▶ Records to use
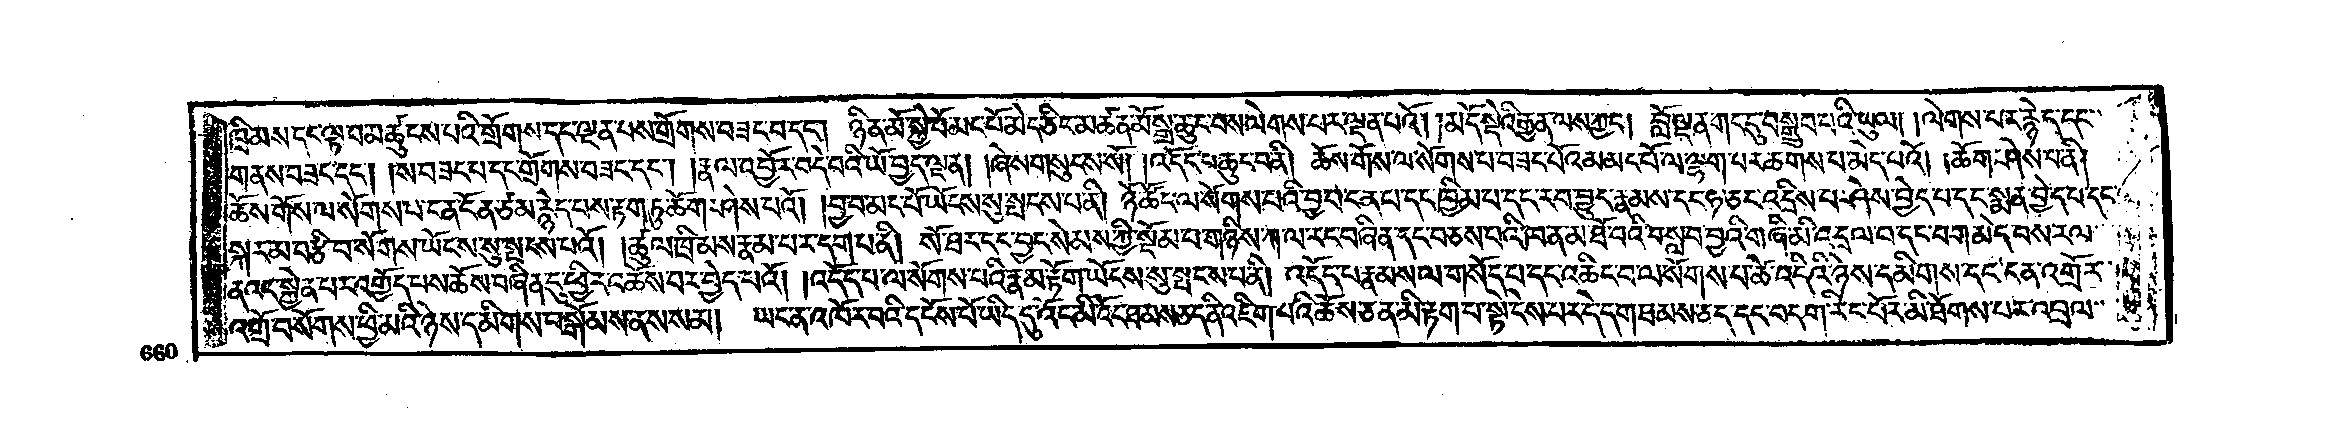ཁྲིམས་དང་ལྟ་བ་མཚུངས་པའི་གྲོགས་དང་ལྡན་པས་གྲོགས་བཟང་བ་དང་། ཉིན་མོ་སྐྱེ་བོ་མང་པོ་མེད་ཅིང་མཚན་མོ་སྒྲ་ཆུང་བས་ལེགས་པར་ལྡན་པའོ། །མདོ་སྡེའི་རྒྱན་ལས་ཀྱང་། བློ་ལྡན་གང་དུ་བསྒྲུབ་པའི་ཡུལ། །ལེགས་པར་རྙེད་དང་
གནས་བཟང་དང་། །ས་བཟང་བ་དང་གྲོགས་བཟང་དང་། །རྣལ་འབྱོར་བདེ་བའི་ཡོ་བྱད་ལྡན། །ཞེས་གསུངས་སོ། །འདོད་པ་ཆུང་བ་ནི། ཆོས་གོས་ལ་སོགས་པ་བཟང་པོའམ་མང་པོ་ལ་ལྷག་པར་ཆགས་པ་མེད་པའོ། །ཆོག་ཤེས་པ་ནི།
ཆོས་གོས་ལ་སོགས་པ་ངན་ངོན་ཙམ་རྙེད་པས་རྟག་ཏུ་ཆོག་ཤེས་པའོ། །བྱ་བ་མང་པོ་ཡོངས་སུ་སྤངས་པ་ནི། ཉོ་ཚོང་ལ་སོགས་པའི་བྱ་བ་ངན་པ་དང་ཁྱིམ་པ་དང་རབ་བྱུང་རྣམས་དང་ཧ་ཅང་འདྲིས་བཤེས་བྱེད་པ་དང་སྨན་བྱེད་པ་དང་
སྐར་མ་བརྩི་བ་སོགས་ཡོངས་སུ་སྤངས་པའོ། །ཚུལ་ཁྲིམས་རྣམ་པར་དག་པ་ནི། སོ་ཐར་དང་བྱང་སེམས་ཀྱི་སྡོམ་པ་གཉིས་ཀ་ལ་རང་བཞིན་དང་བཅས་པའི་ཁ་ན་མ་ཐོ་བའི་བསླབ་བྱའི་གཞི་མི་འདྲལ་བ་དང་བག་མེད་པས་རལ་
ནའང་སྐྱེན་པར་འགྱོད་པས་ཆོས་བཞིན་དུ་ཕྱིར་འཆོས་པར་བྱེད་པའོ། །འདོད་པ་ལ་སོགས་པའི་རྣམ་རྟོག་ཡོངས་སུ་སྤངས་པ་ནི། འདོད་པ་རྣམས་ལ་གསོད་པ་དང་འཆིང་བ་ལ་སོགས་པ་ཚེ་འདིའི་ཉེས་དམིགས་དང་ངན་འགྲོར་
འགྲོ་བ་སོགས་ཕྱི་མའི་ཉེས་དམིགས་བསྒོམས་ནས་སམ། ཡང་ན་འཁོར་བའི་དངོས་པོ་ཡིད་དུ་འོང་མི་འོང་ཐམས་ཅད་ནི་འཇིག་པའི་ཆོས་ཅན་མི་རྟག་པ་སྟེ་ངེས་པར་དེ་དག་ཐམས་ཅད་དང་བདག་རིང་པོར་མི་ཐོགས་པར་འབྲལ་

▶ Exercise aim
Keep the pictures out and transcribe the entries exactly.

▶ Exercise response
ཁྲིམས་དང་ལྟ་བ་མཚུངས་པའི་གྲོགས་དང་ལྡན་པས་གྲོགས་བཟང་བ་དང་། ཉིན་མོ་སྐྱེ་བོ་མང་པོ་མེད་ཅིང་མཚན་མོ་སྒྲ་ཆུང་བས་ལེགས་པར་ལྡན་པའོ། །མདོ་སྡེའི་རྒྱན་ལས་ཀྱང་། བློ་ལྡན་གང་དུ་བསྒྲུབ་པའི་ཡུལ། །ལེགས་པར་རྙེད་དང་
གནས་བཟང་དང་། །ས་བཟང་བ་དང་གྲོགས་བཟང་དང་། །རྣལ་འབྱོར་བདེ་བའི་ཡོ་བྱད་ལྡན། །ཞེས་གསུངས་སོ། །འདོད་པ་ཆུང་བ་ནི། ཆོས་གོས་ལ་སོགས་པ་བཟང་པོའམ་མང་པོ་ལ་ལྷག་པར་ཆགས་པ་མེད་པའོ། །ཆོག་ཤེས་པ་ནི།
ཆོས་གོས་ལ་སོགས་པ་ངན་ངོན་ཙམ་རྙེད་པས་རྟག་ཏུ་ཆོག་ཤེས་པའོ། །བྱ་བ་མང་པོ་ཡོངས་སུ་སྤངས་པ་ནི། ཉོ་ཚོང་ལ་སོགས་པའི་བྱ་བ་ངན་པ་དང་ཁྱིམ་པ་དང་རབ་བྱུང་རྣམས་དང་ཧ་ཅང་འདྲིས་བཤེས་བྱེད་པ་དང་སྨན་བྱེད་པ་དང་
སྐར་མ་བརྩི་བ་སོགས་ཡོངས་སུ་སྤངས་པའོ། །ཚུལ་ཁྲིམས་རྣམ་པར་དག་པ་ནི། སོ་ཐར་དང་བྱང་སེམས་ཀྱི་སྡོམ་པ་གཉིས་ཀ་ལ་རང་བཞིན་དང་བཅས་པའི་ཁ་ན་མ་ཐོ་བའི་བསླབ་བྱའི་གཞི་མི་འདྲལ་བ་དང་བག་མེད་པས་རལ་
ནའང་སྐྱེན་པར་འགྱོད་པས་ཆོས་བཞིན་དུ་ཕྱིར་འཆོས་པར་བྱེད་པའོ། །འདོད་པ་ལ་སོགས་པའི་རྣམ་རྟོག་ཡོངས་སུ་སྤངས་པ་ནི། འདོད་པ་རྣམས་ལ་གསོད་པ་དང་འཆིང་བ་ལ་སོགས་པ་ཚེ་འདིའི་ཉེས་དམིགས་དང་ངན་འགྲོར་
འགྲོ་བ་སོགས་ཕྱི་མའི་ཉེས་དམིགས་བསྒོམས་ནས་སམ། ཡང་ན་འཁོར་བའི་དངོས་པོ་ཡིད་དུ་འོང་མི་འོང་ཐམས་ཅད་ནི་འཇིག་པའི་ཆོས་ཅན་མི་རྟག་པ་སྟེ་ངེས་པར་དེ་དག་ཐམས་ཅད་དང་བདག་རིང་པོར་མི་ཐོགས་པར་འབྲལ་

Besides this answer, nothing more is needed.